* Aim of the task: Exactly as written and without the pictures, output the entries below.

* Data to use:
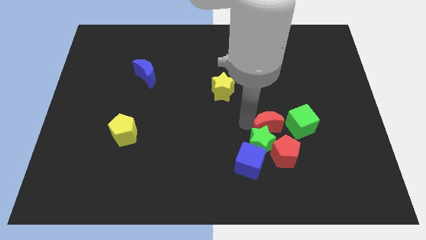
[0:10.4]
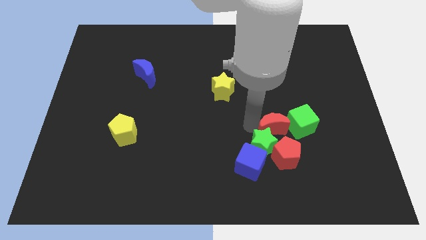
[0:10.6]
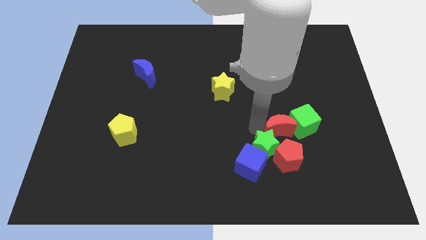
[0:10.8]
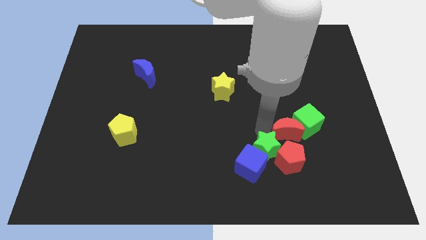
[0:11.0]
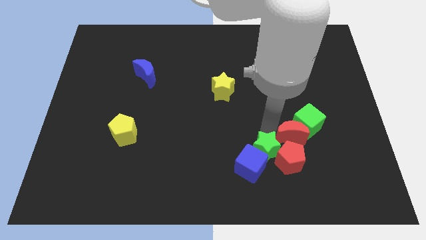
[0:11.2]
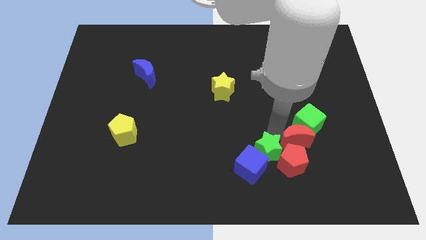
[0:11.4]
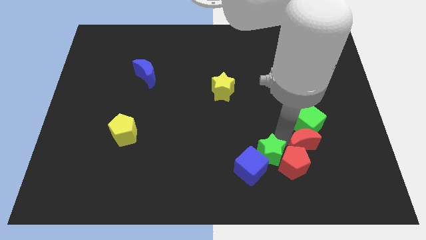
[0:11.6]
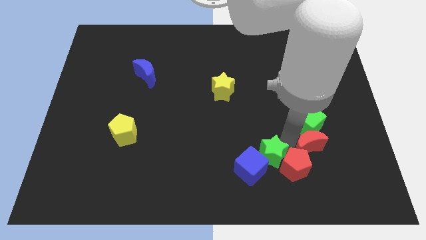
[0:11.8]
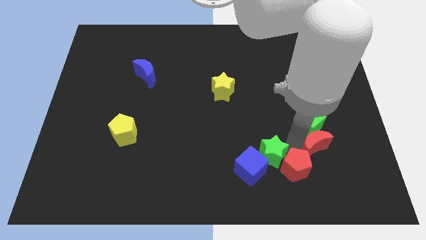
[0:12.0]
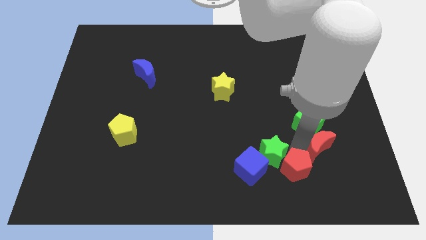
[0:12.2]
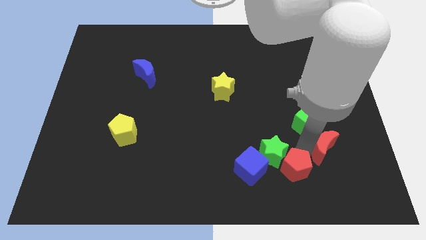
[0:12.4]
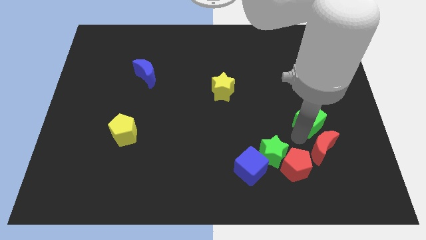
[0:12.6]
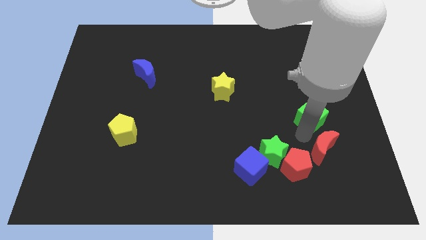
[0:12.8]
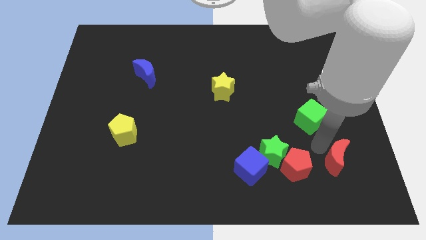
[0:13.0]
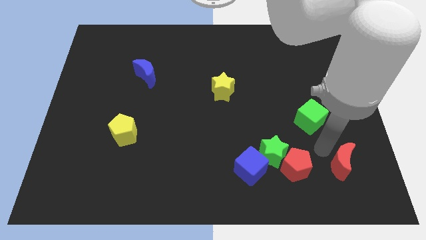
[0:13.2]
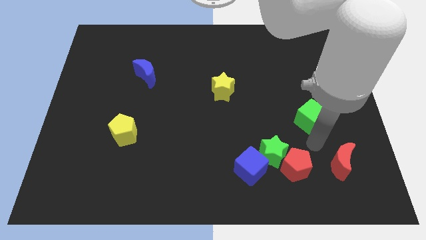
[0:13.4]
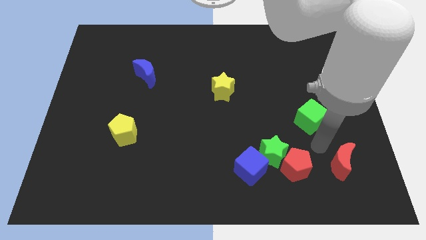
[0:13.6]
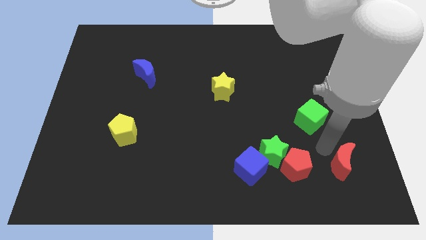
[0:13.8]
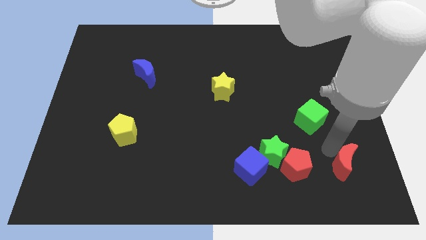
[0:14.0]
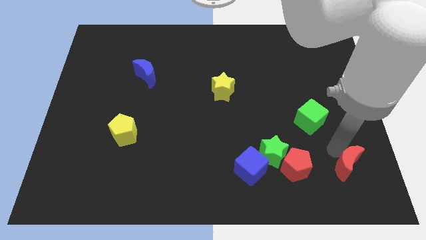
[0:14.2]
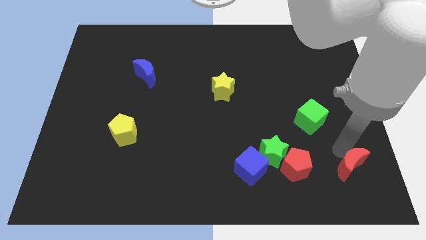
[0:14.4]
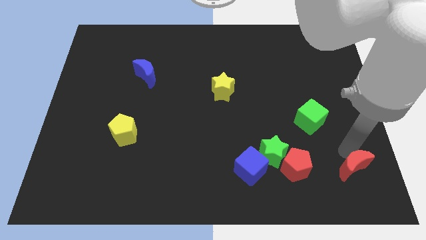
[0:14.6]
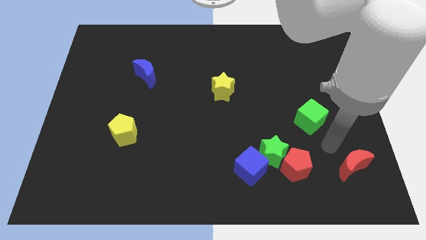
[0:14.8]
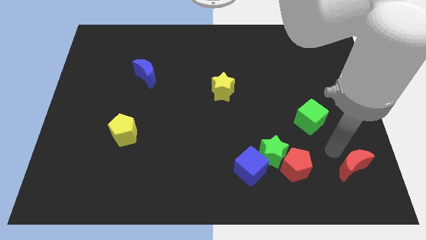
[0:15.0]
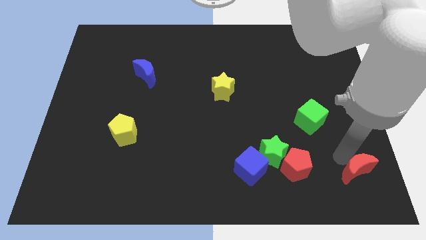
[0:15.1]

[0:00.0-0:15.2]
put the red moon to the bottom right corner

* Your response:
[0:10.4]
[0:10.6]
[0:10.8]
[0:11.0]
[0:11.2]
[0:11.4]
[0:11.6]
[0:11.8]
[0:12.0]
[0:12.2]
[0:12.4]
[0:12.6]
[0:12.8]
[0:13.0]
[0:13.2]
[0:13.4]
[0:13.6]
[0:13.8]
[0:14.0]
[0:14.2]
[0:14.4]
[0:14.6]
[0:14.8]
[0:15.0]
[0:15.1]

[0:00.0-0:15.2]
put the red moon to the bottom right corner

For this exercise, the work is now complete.